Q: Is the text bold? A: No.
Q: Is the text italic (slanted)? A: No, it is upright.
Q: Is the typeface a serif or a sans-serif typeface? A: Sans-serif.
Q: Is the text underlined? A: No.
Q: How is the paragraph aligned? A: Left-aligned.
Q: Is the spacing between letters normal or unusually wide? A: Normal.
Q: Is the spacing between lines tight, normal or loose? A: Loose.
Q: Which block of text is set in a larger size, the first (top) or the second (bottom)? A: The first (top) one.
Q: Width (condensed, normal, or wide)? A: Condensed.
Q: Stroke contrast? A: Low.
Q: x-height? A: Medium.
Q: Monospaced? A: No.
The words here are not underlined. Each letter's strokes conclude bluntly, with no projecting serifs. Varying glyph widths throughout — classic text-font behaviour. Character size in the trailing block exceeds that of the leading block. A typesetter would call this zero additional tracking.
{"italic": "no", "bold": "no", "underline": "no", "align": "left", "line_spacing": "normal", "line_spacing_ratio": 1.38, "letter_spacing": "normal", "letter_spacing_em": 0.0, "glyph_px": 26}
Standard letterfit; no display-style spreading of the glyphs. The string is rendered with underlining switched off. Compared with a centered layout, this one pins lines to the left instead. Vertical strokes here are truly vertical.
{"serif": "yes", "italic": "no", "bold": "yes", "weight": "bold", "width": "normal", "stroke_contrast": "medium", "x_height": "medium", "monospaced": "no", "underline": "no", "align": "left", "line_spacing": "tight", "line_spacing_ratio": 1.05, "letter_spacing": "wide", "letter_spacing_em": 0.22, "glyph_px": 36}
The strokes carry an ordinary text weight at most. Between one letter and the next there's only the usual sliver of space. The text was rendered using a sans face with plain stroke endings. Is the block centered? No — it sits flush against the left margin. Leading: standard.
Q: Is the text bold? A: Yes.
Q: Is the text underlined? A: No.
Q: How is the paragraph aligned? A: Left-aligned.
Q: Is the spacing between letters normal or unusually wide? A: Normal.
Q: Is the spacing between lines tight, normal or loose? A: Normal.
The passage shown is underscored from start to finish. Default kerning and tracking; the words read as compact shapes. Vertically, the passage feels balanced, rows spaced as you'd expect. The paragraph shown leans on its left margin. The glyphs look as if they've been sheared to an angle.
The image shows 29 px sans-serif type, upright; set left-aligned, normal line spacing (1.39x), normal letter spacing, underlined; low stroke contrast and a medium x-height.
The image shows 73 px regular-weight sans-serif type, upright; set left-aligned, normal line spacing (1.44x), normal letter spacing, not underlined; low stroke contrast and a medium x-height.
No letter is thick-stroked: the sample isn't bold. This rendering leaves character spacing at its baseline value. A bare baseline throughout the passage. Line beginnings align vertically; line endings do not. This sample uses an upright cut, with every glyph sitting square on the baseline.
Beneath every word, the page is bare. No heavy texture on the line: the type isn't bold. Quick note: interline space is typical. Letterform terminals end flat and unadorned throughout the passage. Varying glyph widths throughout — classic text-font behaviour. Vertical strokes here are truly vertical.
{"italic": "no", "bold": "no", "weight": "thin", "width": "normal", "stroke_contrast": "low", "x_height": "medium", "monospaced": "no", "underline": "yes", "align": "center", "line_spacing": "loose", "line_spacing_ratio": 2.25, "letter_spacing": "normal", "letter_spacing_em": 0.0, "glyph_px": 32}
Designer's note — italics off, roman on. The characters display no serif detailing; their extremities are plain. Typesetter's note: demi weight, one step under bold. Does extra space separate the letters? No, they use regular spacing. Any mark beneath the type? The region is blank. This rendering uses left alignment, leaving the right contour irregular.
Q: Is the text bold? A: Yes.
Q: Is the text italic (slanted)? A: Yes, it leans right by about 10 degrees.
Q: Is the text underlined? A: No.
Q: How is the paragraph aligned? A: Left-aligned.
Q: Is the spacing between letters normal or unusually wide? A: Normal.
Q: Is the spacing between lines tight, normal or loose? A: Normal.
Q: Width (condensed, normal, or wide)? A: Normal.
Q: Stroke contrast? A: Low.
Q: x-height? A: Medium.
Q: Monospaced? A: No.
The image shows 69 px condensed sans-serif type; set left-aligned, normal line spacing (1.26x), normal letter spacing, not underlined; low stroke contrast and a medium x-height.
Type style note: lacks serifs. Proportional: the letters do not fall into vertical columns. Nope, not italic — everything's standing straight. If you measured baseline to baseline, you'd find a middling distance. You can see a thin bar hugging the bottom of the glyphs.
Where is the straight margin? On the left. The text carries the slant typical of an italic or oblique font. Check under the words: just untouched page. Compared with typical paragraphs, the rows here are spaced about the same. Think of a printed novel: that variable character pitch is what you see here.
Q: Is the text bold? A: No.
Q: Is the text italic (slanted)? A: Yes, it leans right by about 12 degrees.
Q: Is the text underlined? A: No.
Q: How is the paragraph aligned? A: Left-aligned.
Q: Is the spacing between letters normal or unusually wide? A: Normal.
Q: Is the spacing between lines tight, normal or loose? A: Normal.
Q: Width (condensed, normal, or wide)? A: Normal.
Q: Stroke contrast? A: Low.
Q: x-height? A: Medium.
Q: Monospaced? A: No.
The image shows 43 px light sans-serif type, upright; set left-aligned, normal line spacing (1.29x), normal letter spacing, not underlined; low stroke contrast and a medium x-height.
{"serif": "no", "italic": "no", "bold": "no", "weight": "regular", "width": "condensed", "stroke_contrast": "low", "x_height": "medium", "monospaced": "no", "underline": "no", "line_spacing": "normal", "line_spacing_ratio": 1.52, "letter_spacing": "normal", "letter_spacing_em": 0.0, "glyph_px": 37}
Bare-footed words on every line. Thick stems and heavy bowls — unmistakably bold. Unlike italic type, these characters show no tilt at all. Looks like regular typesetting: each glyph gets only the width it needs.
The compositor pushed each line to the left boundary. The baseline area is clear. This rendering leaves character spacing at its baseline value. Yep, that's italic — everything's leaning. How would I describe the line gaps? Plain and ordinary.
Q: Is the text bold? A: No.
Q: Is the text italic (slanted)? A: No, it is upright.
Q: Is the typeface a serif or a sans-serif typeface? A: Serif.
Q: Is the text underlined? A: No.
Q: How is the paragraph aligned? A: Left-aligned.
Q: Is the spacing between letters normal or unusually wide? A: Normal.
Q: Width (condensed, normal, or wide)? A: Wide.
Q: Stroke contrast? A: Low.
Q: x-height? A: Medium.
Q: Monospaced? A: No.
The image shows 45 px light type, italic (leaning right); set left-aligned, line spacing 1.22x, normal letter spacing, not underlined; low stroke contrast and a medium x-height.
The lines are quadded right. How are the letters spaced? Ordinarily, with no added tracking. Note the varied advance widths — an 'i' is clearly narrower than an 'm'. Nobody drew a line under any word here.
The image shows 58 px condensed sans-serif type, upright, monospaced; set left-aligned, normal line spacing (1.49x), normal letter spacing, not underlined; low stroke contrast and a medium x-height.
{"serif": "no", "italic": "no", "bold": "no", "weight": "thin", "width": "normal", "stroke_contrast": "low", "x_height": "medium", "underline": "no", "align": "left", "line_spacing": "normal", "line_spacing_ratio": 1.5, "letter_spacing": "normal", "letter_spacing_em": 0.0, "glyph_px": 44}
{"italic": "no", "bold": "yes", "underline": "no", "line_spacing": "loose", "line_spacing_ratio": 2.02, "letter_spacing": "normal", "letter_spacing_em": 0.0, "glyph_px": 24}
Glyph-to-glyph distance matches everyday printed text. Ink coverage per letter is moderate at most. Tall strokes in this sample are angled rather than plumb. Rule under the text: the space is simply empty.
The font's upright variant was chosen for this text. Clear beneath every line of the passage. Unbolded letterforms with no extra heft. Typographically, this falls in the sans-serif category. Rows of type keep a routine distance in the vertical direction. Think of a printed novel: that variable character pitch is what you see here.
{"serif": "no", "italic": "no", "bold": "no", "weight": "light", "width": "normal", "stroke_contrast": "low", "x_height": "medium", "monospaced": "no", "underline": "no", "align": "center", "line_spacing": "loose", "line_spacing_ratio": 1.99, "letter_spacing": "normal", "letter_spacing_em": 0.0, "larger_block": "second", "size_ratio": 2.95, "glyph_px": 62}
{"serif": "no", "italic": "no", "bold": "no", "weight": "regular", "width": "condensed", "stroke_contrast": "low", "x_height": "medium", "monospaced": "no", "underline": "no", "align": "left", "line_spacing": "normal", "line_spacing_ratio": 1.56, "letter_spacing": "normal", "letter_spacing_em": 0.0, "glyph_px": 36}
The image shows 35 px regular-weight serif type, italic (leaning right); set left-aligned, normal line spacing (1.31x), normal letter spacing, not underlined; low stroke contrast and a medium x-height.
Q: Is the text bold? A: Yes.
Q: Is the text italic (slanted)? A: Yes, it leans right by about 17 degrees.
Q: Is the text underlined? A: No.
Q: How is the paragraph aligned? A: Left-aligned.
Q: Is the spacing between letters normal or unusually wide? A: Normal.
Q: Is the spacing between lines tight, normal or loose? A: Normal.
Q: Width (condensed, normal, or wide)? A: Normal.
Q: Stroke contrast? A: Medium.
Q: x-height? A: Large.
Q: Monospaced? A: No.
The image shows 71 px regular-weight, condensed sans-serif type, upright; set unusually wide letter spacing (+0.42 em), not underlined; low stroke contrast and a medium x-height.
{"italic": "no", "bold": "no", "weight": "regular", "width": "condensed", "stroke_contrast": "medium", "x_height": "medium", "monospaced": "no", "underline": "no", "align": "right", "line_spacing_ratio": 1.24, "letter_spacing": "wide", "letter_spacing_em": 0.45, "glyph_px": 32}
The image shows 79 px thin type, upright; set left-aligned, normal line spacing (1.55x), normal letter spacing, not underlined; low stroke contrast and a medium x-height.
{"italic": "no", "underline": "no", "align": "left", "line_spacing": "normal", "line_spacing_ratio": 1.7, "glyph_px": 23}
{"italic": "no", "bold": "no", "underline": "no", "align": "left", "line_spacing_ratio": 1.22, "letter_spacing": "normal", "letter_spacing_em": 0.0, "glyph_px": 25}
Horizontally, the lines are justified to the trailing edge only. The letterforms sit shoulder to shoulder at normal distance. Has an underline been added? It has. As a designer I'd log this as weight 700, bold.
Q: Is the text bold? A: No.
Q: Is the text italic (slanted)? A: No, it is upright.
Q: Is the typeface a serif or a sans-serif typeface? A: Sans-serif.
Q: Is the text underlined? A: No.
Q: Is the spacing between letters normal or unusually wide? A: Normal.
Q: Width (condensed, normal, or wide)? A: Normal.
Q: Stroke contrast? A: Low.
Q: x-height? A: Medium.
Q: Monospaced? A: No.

§

§ **What you are asked to do**:
Retype, exactly as written, everything from the first line of the data above through the line containing "The words here". Nothing else should appear.

§ **Task result**:
Q: Is the text bold? A: No.
Q: Is the text italic (slanted)? A: No, it is upright.
Q: Is the typeface a serif or a sans-serif typeface? A: Sans-serif.
Q: Is the text underlined? A: No.
Q: How is the paragraph aligned? A: Left-aligned.
Q: Is the spacing between letters normal or unusually wide? A: Normal.
Q: Is the spacing between lines tight, normal or loose? A: Loose.
Q: Which block of text is set in a larger size, the first (top) or the second (bottom)? A: The first (top) one.
Q: Width (condensed, normal, or wide)? A: Condensed.
Q: Stroke contrast? A: Low.
Q: x-height? A: Medium.
Q: Monospaced? A: No.
The words here are not underlined. Each letter's strokes conclude bluntly, with no projecting serifs. Varying glyph widths throughout — classic text-font behaviour. Character size in the trailing block exceeds that of the leading block. A typesetter would call this zero additional tracking.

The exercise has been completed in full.